START Records supplied

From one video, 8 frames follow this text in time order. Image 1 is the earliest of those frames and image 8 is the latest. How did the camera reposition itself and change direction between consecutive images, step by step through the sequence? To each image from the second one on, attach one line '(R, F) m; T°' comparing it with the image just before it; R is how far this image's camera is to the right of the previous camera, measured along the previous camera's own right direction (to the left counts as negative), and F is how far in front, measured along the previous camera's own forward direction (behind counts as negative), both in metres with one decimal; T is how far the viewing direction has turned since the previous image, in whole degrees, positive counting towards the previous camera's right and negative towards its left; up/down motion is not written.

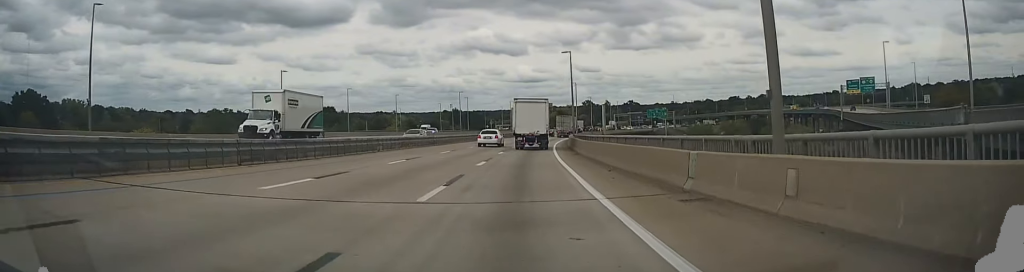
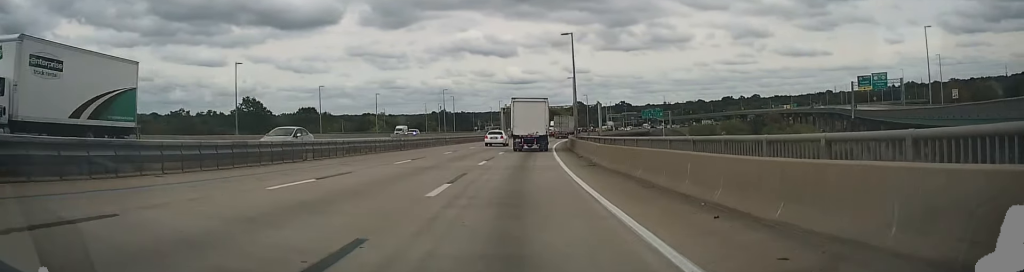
(0.0, +11.2) m; +1°
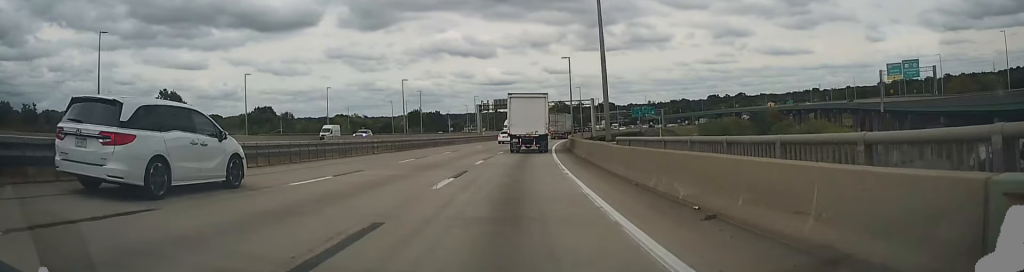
(+0.6, +23.0) m; +2°
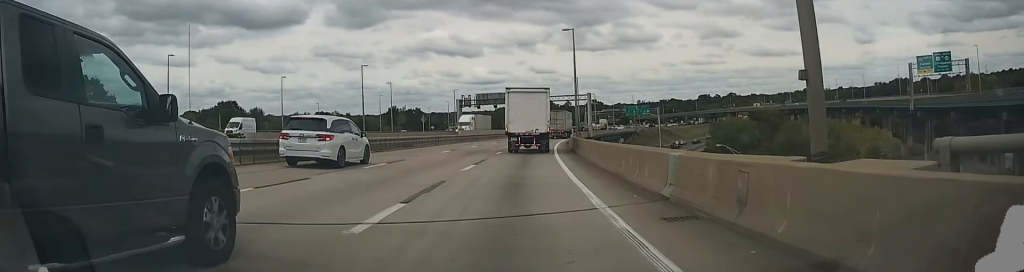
(+0.1, +16.9) m; +1°
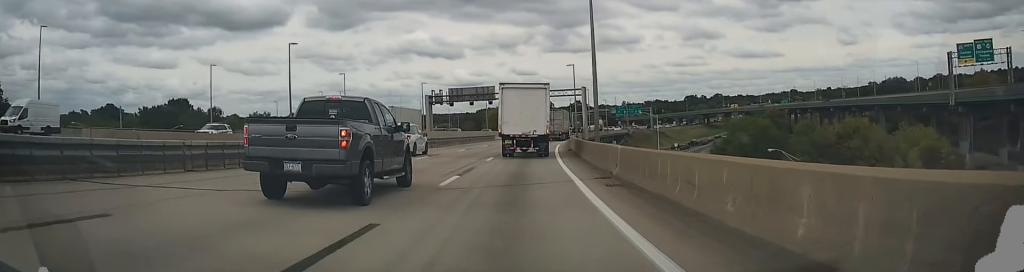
(+0.2, +19.3) m; +2°
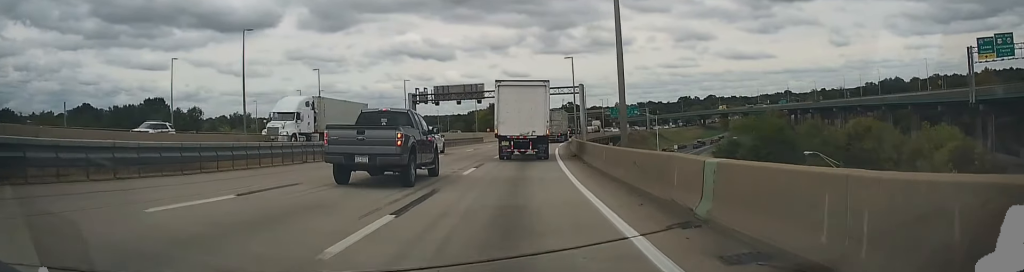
(+0.1, +8.4) m; +1°
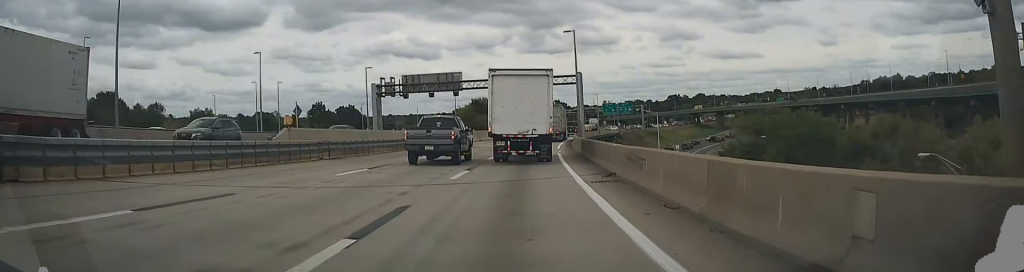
(+0.4, +15.7) m; +2°
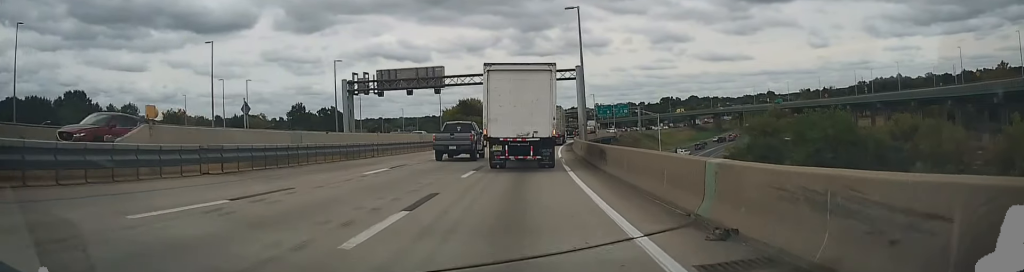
(+0.2, +10.0) m; 0°

END Records supplied

Set every entry down again word for word, but not the pictures.

- **Task answer**:
From one video, 8 frames follow this text in time order. Image 1 is the earliest of those frames and image 8 is the latest. How did the camera reposition itself and change direction between consecutive images, step by step through the sequence? To each image from the second one on, attach one line '(R, F) m; T°' comparing it with the image just before it; R is how far this image's camera is to the right of the previous camera, measured along the previous camera's own right direction (to the left counts as negative), and F is how far in front, measured along the previous camera's own forward direction (behind counts as negative), both in metres with one decimal; T is how far the viewing direction has turned since the previous image, in whole degrees, positive counting towards the previous camera's right and negative towards its left; up/down motion is not written.

(0.0, +11.2) m; +1°
(+0.6, +23.0) m; +2°
(+0.1, +16.9) m; +1°
(+0.2, +19.3) m; +2°
(+0.1, +8.4) m; +1°
(+0.4, +15.7) m; +2°
(+0.2, +10.0) m; 0°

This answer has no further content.